* _TASK TO CARRY OUT_: Write out every line below that contains "DIRECTION".

#### ENTRIES PROVIDED ####

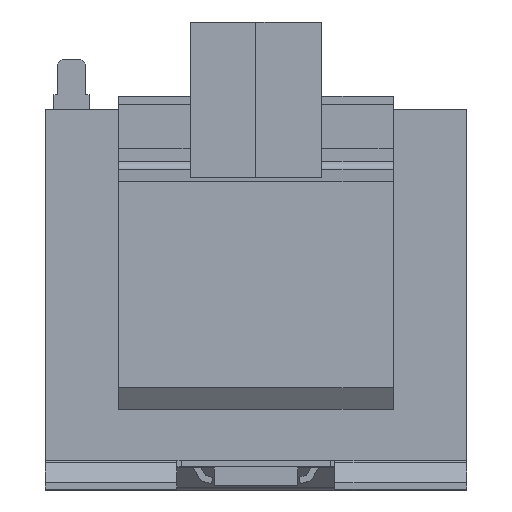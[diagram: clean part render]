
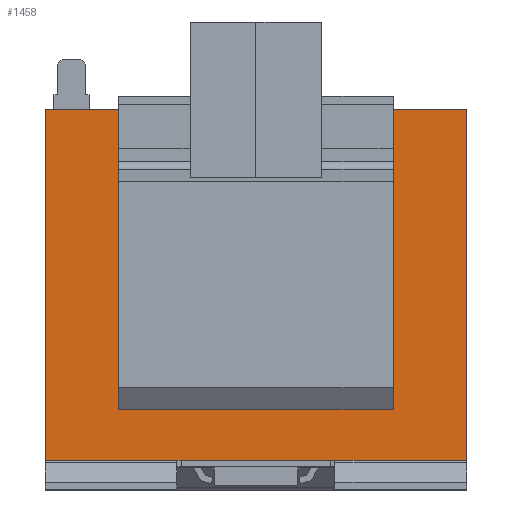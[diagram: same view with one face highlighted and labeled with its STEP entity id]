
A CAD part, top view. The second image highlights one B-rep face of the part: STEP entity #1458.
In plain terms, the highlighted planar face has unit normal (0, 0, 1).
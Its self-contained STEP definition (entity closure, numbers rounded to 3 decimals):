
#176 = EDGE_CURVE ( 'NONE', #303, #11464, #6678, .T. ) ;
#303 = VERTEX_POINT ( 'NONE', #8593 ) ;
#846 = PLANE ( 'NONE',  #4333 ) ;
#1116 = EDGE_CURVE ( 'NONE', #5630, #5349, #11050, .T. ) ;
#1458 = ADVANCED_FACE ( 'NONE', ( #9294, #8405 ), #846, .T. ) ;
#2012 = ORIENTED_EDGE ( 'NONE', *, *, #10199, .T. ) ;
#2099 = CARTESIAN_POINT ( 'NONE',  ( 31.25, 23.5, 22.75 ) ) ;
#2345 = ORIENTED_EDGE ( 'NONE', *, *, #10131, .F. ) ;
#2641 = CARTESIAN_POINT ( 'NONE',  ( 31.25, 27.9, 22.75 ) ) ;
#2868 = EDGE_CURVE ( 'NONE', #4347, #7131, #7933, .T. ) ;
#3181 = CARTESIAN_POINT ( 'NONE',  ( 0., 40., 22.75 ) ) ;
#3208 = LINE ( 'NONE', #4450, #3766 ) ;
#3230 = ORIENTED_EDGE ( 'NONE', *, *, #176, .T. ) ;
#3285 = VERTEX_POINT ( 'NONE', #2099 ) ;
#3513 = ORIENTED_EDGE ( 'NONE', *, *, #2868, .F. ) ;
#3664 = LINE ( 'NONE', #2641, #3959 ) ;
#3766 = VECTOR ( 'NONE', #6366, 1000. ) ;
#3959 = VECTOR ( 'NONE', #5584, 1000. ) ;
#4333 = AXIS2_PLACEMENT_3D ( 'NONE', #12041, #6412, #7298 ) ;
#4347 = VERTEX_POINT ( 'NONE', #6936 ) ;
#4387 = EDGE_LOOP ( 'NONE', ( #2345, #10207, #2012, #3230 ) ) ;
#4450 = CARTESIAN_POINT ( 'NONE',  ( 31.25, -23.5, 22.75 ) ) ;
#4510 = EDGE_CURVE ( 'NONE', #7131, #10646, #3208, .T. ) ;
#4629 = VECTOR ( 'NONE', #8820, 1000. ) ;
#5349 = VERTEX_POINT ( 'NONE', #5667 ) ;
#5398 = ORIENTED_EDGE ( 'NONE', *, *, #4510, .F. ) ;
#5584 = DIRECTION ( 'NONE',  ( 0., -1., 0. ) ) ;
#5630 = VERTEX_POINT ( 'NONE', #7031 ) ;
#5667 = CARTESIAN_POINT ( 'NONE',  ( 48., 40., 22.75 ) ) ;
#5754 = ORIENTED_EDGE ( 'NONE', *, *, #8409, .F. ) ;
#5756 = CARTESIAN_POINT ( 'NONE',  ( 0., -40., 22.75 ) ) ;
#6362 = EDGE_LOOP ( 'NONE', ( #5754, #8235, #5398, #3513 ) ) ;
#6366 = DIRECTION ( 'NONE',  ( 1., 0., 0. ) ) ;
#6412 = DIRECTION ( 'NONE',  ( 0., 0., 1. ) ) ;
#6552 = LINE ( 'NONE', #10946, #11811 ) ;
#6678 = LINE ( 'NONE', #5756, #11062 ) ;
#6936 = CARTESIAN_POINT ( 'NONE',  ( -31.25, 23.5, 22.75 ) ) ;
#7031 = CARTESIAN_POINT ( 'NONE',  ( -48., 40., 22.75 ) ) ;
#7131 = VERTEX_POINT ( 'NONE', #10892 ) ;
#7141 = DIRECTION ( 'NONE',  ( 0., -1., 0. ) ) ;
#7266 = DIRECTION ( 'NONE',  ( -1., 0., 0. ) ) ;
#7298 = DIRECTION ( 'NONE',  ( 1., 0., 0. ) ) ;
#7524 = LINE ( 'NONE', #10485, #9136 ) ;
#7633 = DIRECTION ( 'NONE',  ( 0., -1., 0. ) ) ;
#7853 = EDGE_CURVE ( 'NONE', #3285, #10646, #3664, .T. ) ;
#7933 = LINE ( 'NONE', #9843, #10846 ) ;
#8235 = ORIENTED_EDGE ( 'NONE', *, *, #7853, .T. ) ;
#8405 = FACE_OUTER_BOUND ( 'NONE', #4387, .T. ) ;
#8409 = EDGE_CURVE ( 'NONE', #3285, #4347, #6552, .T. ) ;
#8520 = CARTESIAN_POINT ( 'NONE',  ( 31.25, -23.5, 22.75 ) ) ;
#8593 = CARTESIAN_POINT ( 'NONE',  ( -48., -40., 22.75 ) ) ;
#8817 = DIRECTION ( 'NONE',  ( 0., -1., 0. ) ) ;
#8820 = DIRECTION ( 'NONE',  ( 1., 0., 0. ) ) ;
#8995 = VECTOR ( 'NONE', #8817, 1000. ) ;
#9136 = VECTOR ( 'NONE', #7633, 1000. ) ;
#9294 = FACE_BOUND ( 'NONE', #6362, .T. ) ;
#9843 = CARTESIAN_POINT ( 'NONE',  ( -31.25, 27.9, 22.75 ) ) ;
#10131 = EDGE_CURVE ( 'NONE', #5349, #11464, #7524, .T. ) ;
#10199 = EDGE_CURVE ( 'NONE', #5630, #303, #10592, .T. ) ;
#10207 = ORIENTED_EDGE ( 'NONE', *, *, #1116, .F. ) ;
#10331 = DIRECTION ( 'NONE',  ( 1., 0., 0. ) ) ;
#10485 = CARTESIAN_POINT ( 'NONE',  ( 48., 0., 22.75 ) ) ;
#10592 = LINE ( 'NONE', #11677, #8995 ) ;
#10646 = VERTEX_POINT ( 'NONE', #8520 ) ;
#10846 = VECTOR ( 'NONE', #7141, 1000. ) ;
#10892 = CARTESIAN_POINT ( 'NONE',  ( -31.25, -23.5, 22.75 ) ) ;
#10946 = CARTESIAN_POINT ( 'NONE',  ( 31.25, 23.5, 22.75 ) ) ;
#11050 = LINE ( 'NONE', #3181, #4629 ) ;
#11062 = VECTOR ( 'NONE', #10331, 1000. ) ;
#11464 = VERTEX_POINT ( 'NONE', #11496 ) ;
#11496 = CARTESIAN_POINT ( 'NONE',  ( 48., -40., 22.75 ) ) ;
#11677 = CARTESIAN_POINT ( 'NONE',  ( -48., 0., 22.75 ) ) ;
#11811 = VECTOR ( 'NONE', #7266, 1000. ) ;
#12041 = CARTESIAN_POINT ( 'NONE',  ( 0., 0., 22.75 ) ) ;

####

* _ANSWER FOR THE TASK_:
#5584 = DIRECTION ( 'NONE',  ( 0., -1., 0. ) ) ;
#6366 = DIRECTION ( 'NONE',  ( 1., 0., 0. ) ) ;
#6412 = DIRECTION ( 'NONE',  ( 0., 0., 1. ) ) ;
#7141 = DIRECTION ( 'NONE',  ( 0., -1., 0. ) ) ;
#7266 = DIRECTION ( 'NONE',  ( -1., 0., 0. ) ) ;
#7298 = DIRECTION ( 'NONE',  ( 1., 0., 0. ) ) ;
#7633 = DIRECTION ( 'NONE',  ( 0., -1., 0. ) ) ;
#8817 = DIRECTION ( 'NONE',  ( 0., -1., 0. ) ) ;
#8820 = DIRECTION ( 'NONE',  ( 1., 0., 0. ) ) ;
#10331 = DIRECTION ( 'NONE',  ( 1., 0., 0. ) ) ;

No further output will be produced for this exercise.